The acquirer and the acquiree either complement each other in terms of business scope, or they can reduce the cost of competition. The most important thing is that there must be no serious clash between the two genetically and culturally, otherwise even the most beautiful M&A deal will end up failing.

For example, PwC's acquisition of Arthur Andersen looks beautiful, which not only solves the bankruptcy crisis caused by Arthur Andersen's fraud, but also allows PwC to sit firmly in the top four positions in terms of turnover, and also recruits Arthur Andersen to solve its own human resources problems.

But in reality, Arthur Andersen people left one after another due to corporate culture conflicts within half a year of joining PwC and joined Ernst & Young. The most important asset of the audit industry is people, and when people are gone, Arthur Andersen, which is left to PwC, is an empty shell. There is no doubt that this kind of merger and acquisition is a failure.

Because the genes of the two are completely different and incompatible.

It's the same with Apple's M&A, where there are too few companies that can match Apple's DNA. Dell, now worth $14.5 billion, is not without the strength to acquire Apple, and Stephen Grossman, the chairman of the Democratic Party, was also asked by DuPont to lobby for the acquisition of Apple, but Dell was unmoved, and said, "What will I do? I will just shut down Apple and return the money to shareholders." This famous quote in the face.

Dell made this gesture because he clearly realized that Apple and Dell are completely different companies, and taking over Apple, the corporate cultures of the two companies will have a violent conflict, and eventually Dell will go to the abyss together.

If there is any other company in the world that can resonate with Apple, it is Matrix.
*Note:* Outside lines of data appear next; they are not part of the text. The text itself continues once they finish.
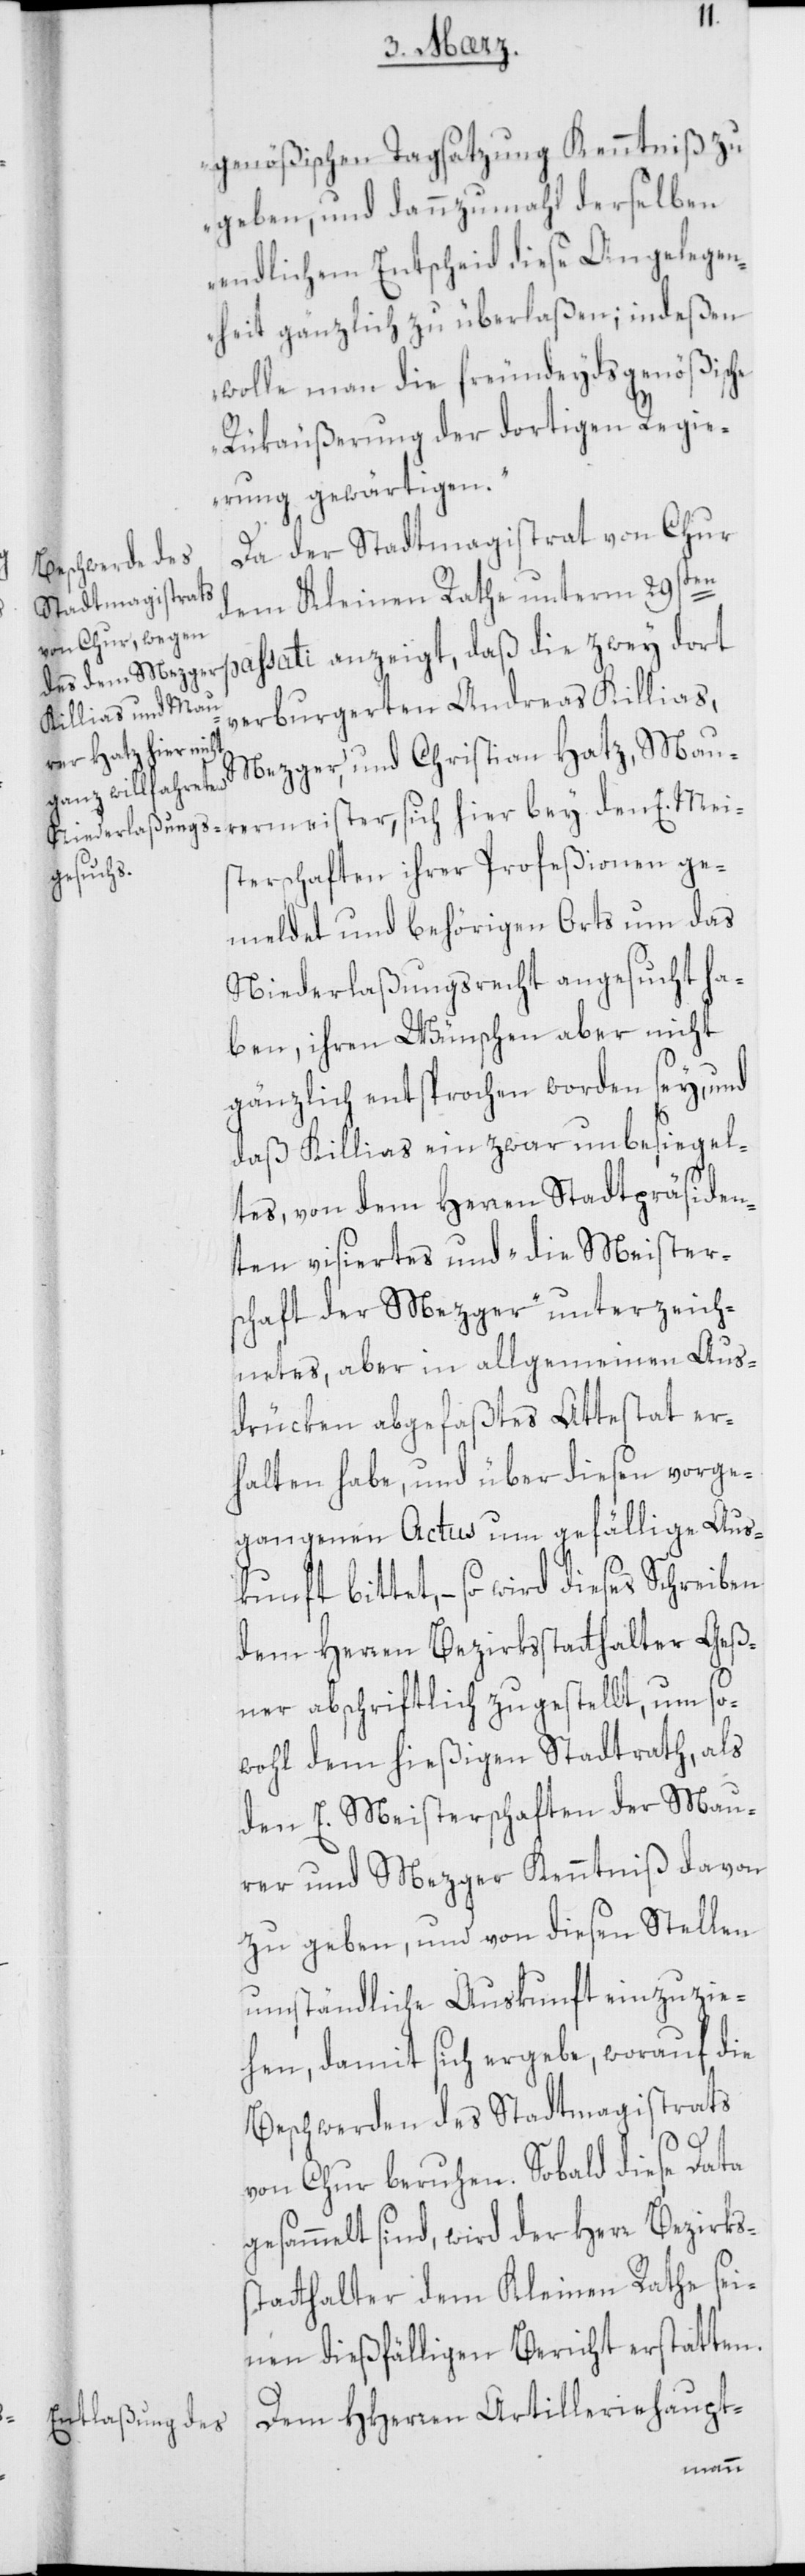
genößischen Tagsatzung Kenntniß zu
geben, und dannzumahl derselben
endlichem Entscheid diese Angelegen¬
heit gänzlich zu überlaßen; indeßen
wolle man die freundeydsgenößische
Rükäußerung der dortigen Regie¬
rung gewärtigen.“
Da der Stadtmagistrat von Chur
dem Kleinen Rathe unterm 29sten
passati anzeigt, daß die zwey dort
verburgerten Andreas Killias,
Mezger, und Christian Hatz, Mau¬
rermeister, sich hier bey den E. Mei¬
sterschaften ihrer Profeßionen ge¬
meldet und behörigen Orts um das
Niederlaßungsrecht angesucht ha¬
ben, ihren Wünschen aber nicht
gänzlich entsprochen worden sey, und
daß Killias ein zwar unbesiegel¬
tes, von dem Herren Stadtpräsiden¬
ten visiertes und „die Meister¬
schaft der Mezger“ unterzeich¬
netes, aber in allgemeinen Aus¬
drüken abgefaßtes Attestat er¬
halten habe, und über diesen vorge¬
gangenen Actus um gefällige Aus¬
kunft bittet, – so wird dieses Schreiben
dem Herren Bezirksstatthalter Geß¬
ner abschriftlich zugestellt, um so¬
wohl dem hießigen Stadtrath, als
den E. Meisterschaften der Mau¬
rer und Mezger Kenntniß davon
zu geben, und von diesen Stellen
umständliche Auskunft einzuzie¬
hen, damit sich ergebe, worauf die
Beschwerden des Stadtmagistrats
von Chur beruhen. Sobald diese Data
gesammelt sind, wird der Herr Bezirks¬
statthalter dem Kleinen Rathe sei¬
nen dießfälligen Bericht erstatten.
Dem HHerren Artilleriehaupt-
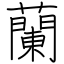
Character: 蘭
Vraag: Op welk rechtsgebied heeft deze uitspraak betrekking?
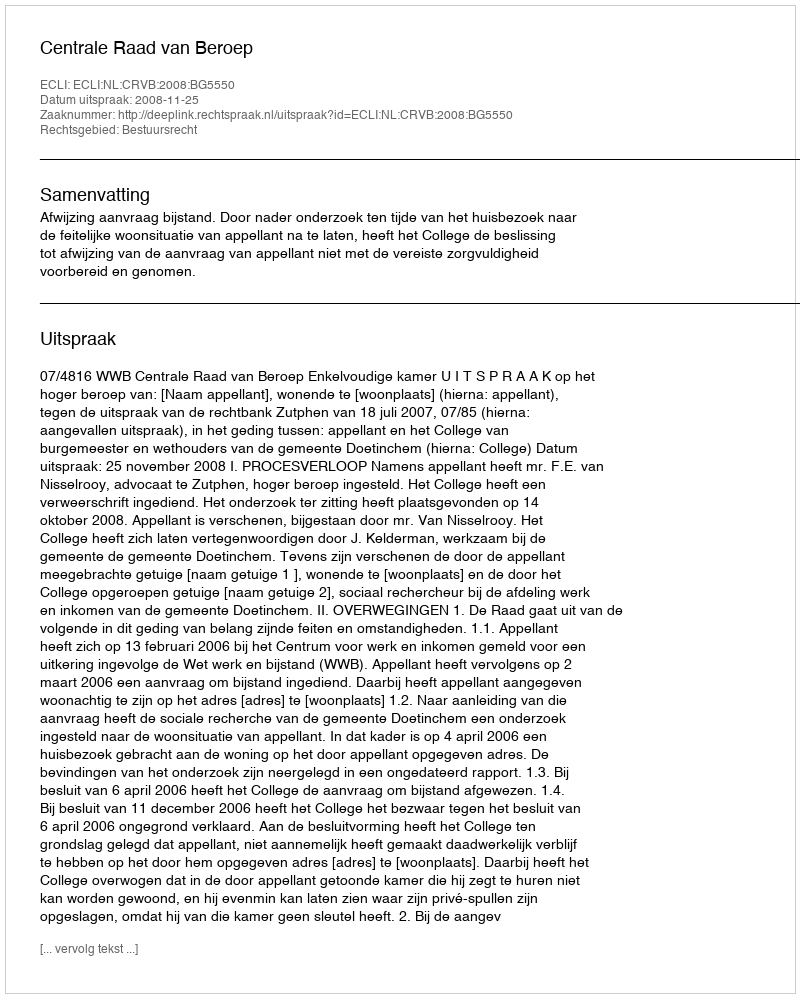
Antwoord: Bestuursrecht
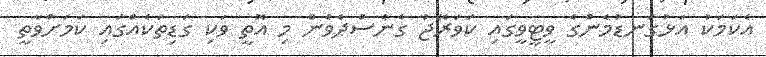
އެކަމަކު އަޅުގަނޑުމެންގެ ވީޓީވީގައި ކަވަރޭޖު ގެނެސްދެވެން މި އޮތީ ވަކި ގަޑިތަކެއްގައި ކަަމަށްވާތީ
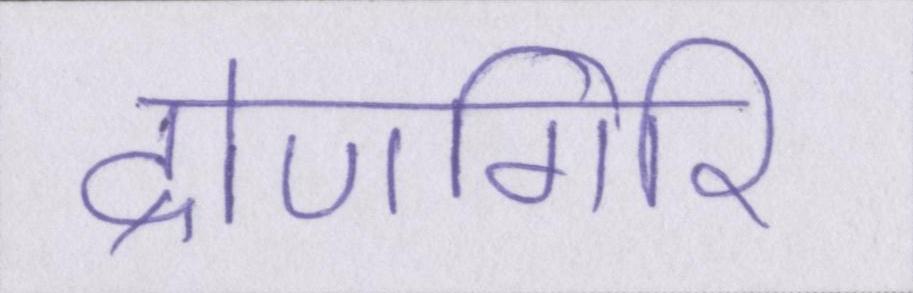
द्रोणगिरि
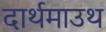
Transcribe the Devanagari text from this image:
दार्थमाउथ
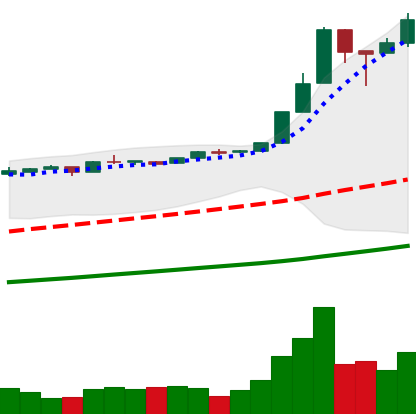
Ticker: BTC-USD
Chart end date: 2016-12-27
Forward return: 6.979%
Label: up_5_7
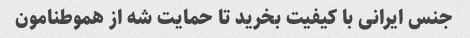
جنس ایرانی با کیفیت بخرید تا حمایت شه از هموطنامون
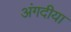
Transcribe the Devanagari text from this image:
अंगदीया
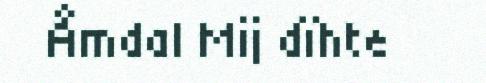
Åmdal Mij dïhte
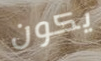
يكون
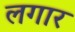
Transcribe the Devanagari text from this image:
लगार
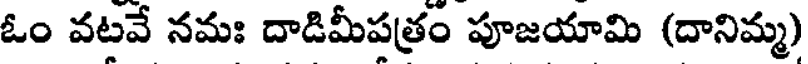
ఓం వటవే నమః దాడిమీపత్రం పూజయామి (దానిమ్మ)
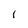
Character: l
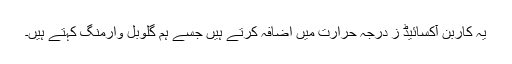
یہ کاربن آکسائیڈ ز درجہ حرارت میں اضافہ کرتے ہیں جسے ہم گلوبل وارمنگ کہتے ہیں۔
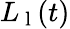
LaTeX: L_{\mathrm{~l~}}(t)
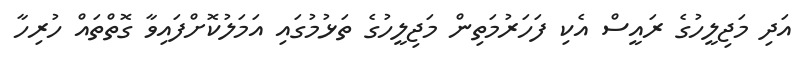
އަދި މަޖިލީހުގެ ރައީސް އެކި ފަހަރުމަތިން މަޖިލީހުގެ ތަޅުމުގައި އަމަލުކޮށްފައިވާ ގޮތްތައް ހުރިހާ
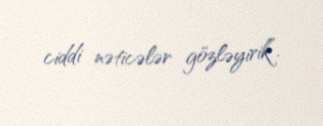
ciddi nəticələr gözləyirik”.
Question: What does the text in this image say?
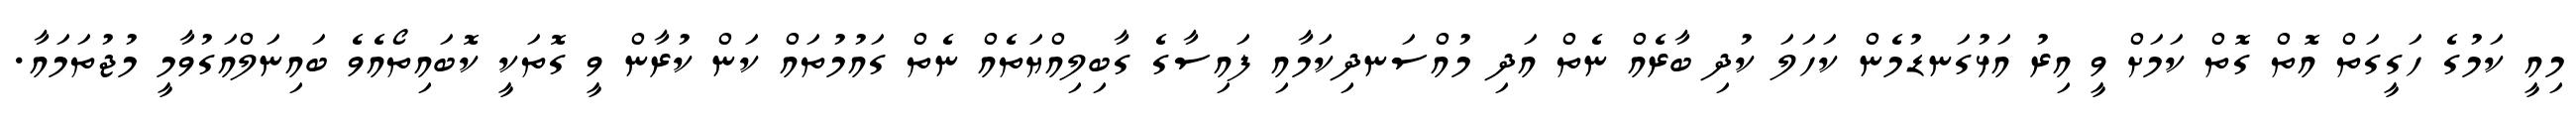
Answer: މިއީ ކަމުގެ ހަގީގަތް އޮތް ގޮތް ކަމަށް ވީ އިރު އަޅުގަނޑުމެން ކަހަލަ ކުދި ބާރެއް ނެތް އަދި މުއްސަނދިކަމާއި ފައިސާގެ ގާބިލިއްޔަތެއް ނެތް ގައުމުތައް ކަން ކުރާން ވީ ގޮތަކީ ކޮބައިތޯއެވެ ބައިނަލްއަގުވާމީ މުޖުތަމައާ.
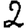
Digit: 2
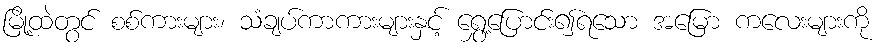
မြို့ထဲတွင် စစ်ကားများ၊ သံချပ်ကာကားများနှင့် ရွှေ့ပြောင်း၍ရသော အမြော ကလေးများကို
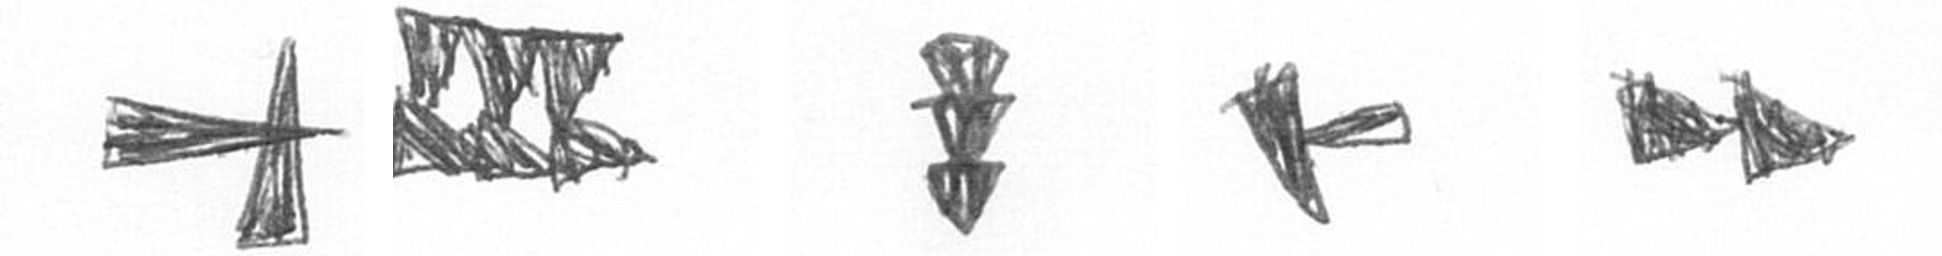
G D E F A
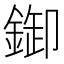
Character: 𨨶
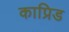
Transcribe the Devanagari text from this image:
काप्रिड
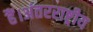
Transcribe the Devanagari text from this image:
हैं।अंतरराष्ट्रीय
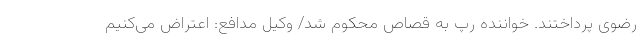
رضوی پرداختند. خواننده رپ به قصاص محکوم شد/ وکیل مدافع: اعتراض می‌کنیم
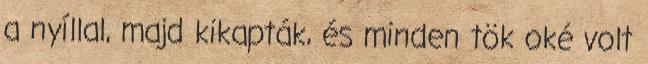
a nyíllal, majd kikapták, és minden tök oké volt
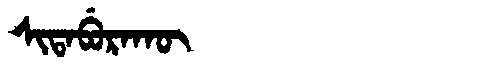
Manchu: ᠰᡳᡨᠠᠪᡠᡵᠠᡴᡡ
Romanization: SITABURAKŪ
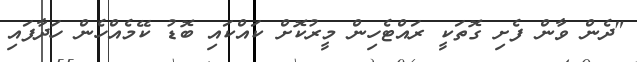
"ދެން ވާން ފެށި ގޮތަކީ ރައްޓެހިން މީރުކޮށް ކައްކައި ބޮޑު ކޭމެއްހެން ހަދާފައި
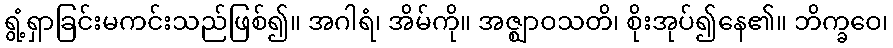
ရွံ့ရှာခြင်းမကင်းသည်ဖြစ်၍။ အဂါရံ၊ အိမ်ကို။ အဇ္ဈာဝသတိ၊ စိုးအုပ်၍နေ၏။ ဘိက္ခဝေ၊
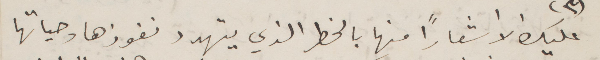
عليك الا شعارًأ منها بالخطر الذي يتهدد نفوذها وحياتها
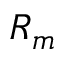
R _ { m }
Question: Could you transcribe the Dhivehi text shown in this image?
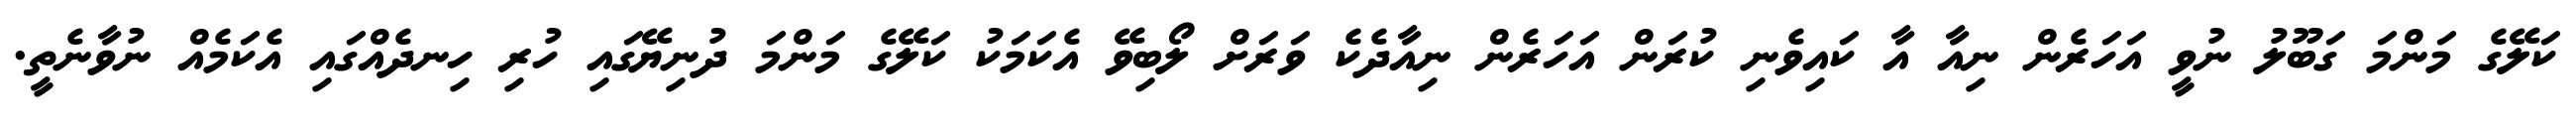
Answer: ކަލޭގެ މަންމަ ގަބޫލު ނުވީ އަހަރެން ނިއާ އާ ކައިވެނި ކުރަން އަހަރެން ނިއާދެކެ ވަރަށް ލޯބިވޭ އެކަމަކު ކަލޭގެ މަންމަ ދުނިޔޭގައި ހުރި ހިނދެއްގައި އެކަމެއް ނުވާނެތީ.
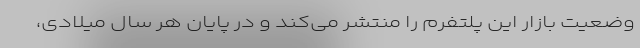
وضعیت بازار این پلتفرم را منتشر می‌کند و در پایان هر سال میلادی،
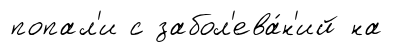
попал'и с забол'ева́н'ий на
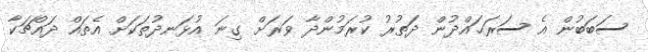
ސަބަބުން އެ ސަރަޙައްދުން ދަތުރު ކުރަމުންދާ ވަރަށް ގިނަ އުޅަނދުތަކަށް އެތައް ދައްޗަކާ
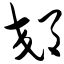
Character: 郊
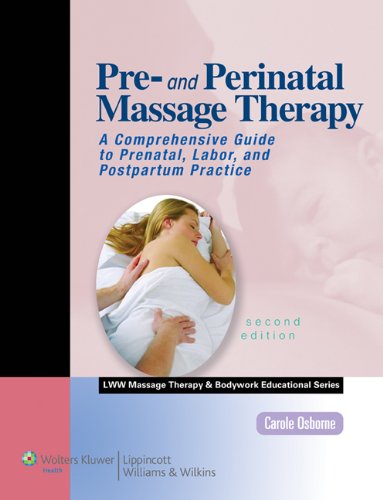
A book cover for Pre- and Perinatal Massage Therapy: A Comprehensive Guide to Prenatal, Labor, and Postpartum Practice, 2nd Edition (LWW Massage Therapy and Bodywork Educational Series); Carole Osborne CMT  NCBTMB; Health, Fitness & Dieting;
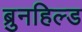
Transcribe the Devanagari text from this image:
ब्रुनहिल्ड

Emphasis on genius, product perfectionism, unique marketing model, excellent and artistic industrial design, these are the genes that were originally engraved in Apple's bones, and now, they have been perfectly inherited by Matrix.

No, it's not just inheritance, it's strengthening.

In the blink of an eye, Moretz had a myriad of prospects in mind after Matrix acquired Apple.

"It's a great move, after the acquisition, Matrix will naturally be able to go public through the backdoor. It's killing two birds with one stone, no, it's three eagles. Moretz's eyes gleamed with excitement, "Zack, you're a genius. ”

There are two more more, which are being written.